Just this past week, I’ve gotten several emails from Engagers who sent news articles about global health spending, TB programming that’s being cut, and the negative impact that the current administration’s policies are having globally and in their own communities. One of our Boston City Engagers had his research funding cut; he sent a blistering email to his reps, and he got an immediate email back saying that they were listening. I see this back and forth in my job all the time—I get cc’d on every email that every Engager sends to a DC staff member to request a meeting or follow-up—and I see the relationships being built. And while it takes a great effort to move the needle, I can at least see that new staffers who previously didn’t know the acronym PEPFAR wasn’t a soda brand sure know what it stands for now, and their own constituents are concerned about it.  

How has PIH been important to you personally?

Finding PIH has been a little like finding my choir. I mean that both literally and figuratively. I spend a lot of time when I’m not at work singing with a really big community choir here in Brattleboro. That’s something I’ve always done—sung in choirs, though it always takes time to find the right one. Once, a friend of mine mentioned that singing is the only socially acceptable time that everyone can talk loudly all at once; if it were done anywhere else, it’d just be noise or disruptive.  

But in a choir, we can all be heard, and it becomes music. It’s also sort of wild what a choir can do together. One singer can only hold a note for so long—but a choir could go on holding one note forever just by breathing at different times. I think that’s remarkably relevant to this moment and to what we’re trying to do at PIH.  

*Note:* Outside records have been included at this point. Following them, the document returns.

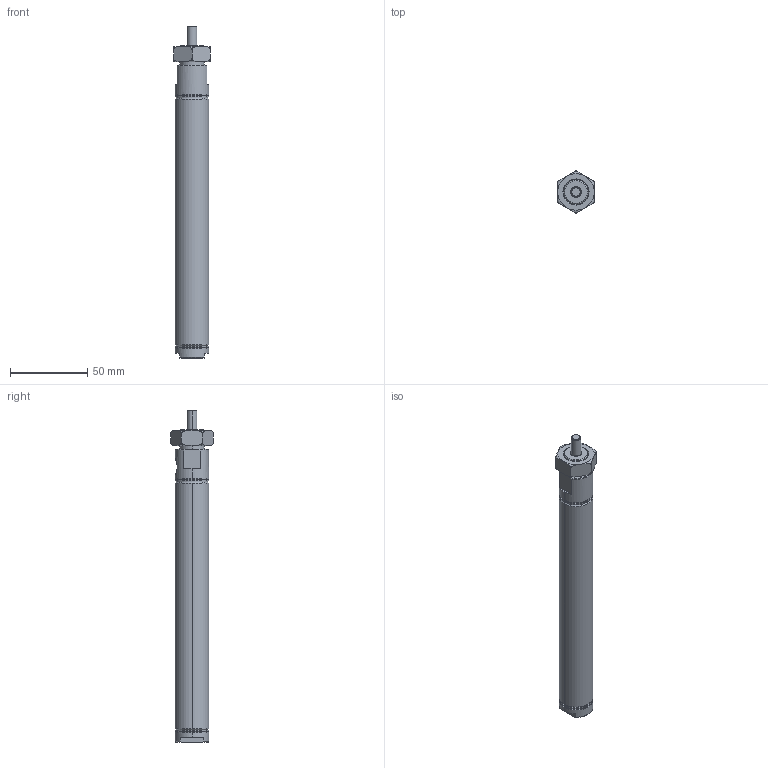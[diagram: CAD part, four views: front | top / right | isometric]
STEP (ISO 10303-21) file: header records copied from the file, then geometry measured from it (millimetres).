
FILE_DESCRIPTION(/* description */ (''),/* implementation_level */ '2;1');
FILE_NAME(/* name */ 'Pneu_PneuCylinder_NCDMB075-0500C.iam.stp',/* time_stamp */ '2016-01-07T16:51:01-08:00',/* author */ ('Autodesk Inc.'),/* organization */ ('Autodesk Inc.'),/* preprocessor_version */ 'ST-DEVELOPER v16.1',/* originating_system */ 'Autodesk Inventor 2016',/* authorisation */ '');
FILE_SCHEMA (('AUTOMOTIVE_DESIGN { 1 0 10303 214 3 1 1 }'));
Length unit declared in the file: millimetre
Products named in the file (4): NCDMB075-0500C_1; NCDMB075-0500C_2; NCDMB075-0500C_3; Pneu_PneuCylinder_NCDMB075-0500C
Assembly tree (3 placements, depth 2):
  Pneu_PneuCylinder_NCDMB075-0500C
    NCDMB075-0500C_1
    NCDMB075-0500C_2
    NCDMB075-0500C_3
Bounding box: 23.88 x 27.57 x 215.14 mm (x, y, z)
Volume: 40790.4 mm3; surface area: 31142.8 mm2
Topology: 3 solids, 3 shells, 103 faces, 230 edges, 145 vertices
Faces by surface type: cylinder 39, plane 35, cone 25, torus 4
Entity records: 3491 total; most frequent: CARTESIAN_POINT 1066, DIRECTION 531, ORIENTED_EDGE 460, EDGE_CURVE 230, AXIS2_PLACEMENT_3D 224, VERTEX_POINT 145, EDGE_LOOP 121, CIRCLE 114

We all have to breathe. We can’t sustainably hold on to this fight unless we do so together. If we all pick different times to breathe, we can keep fighting as long as it takes.  

Coming to PIH and to Engage has meant that I’m surrounded by a chorus of voices all fighting (singing?) for the right to health, and since there are so, so many voices in this choir, I know we’ll be heard, and I know we can hold this note for as long as it takes. That’s what gives me hope right now.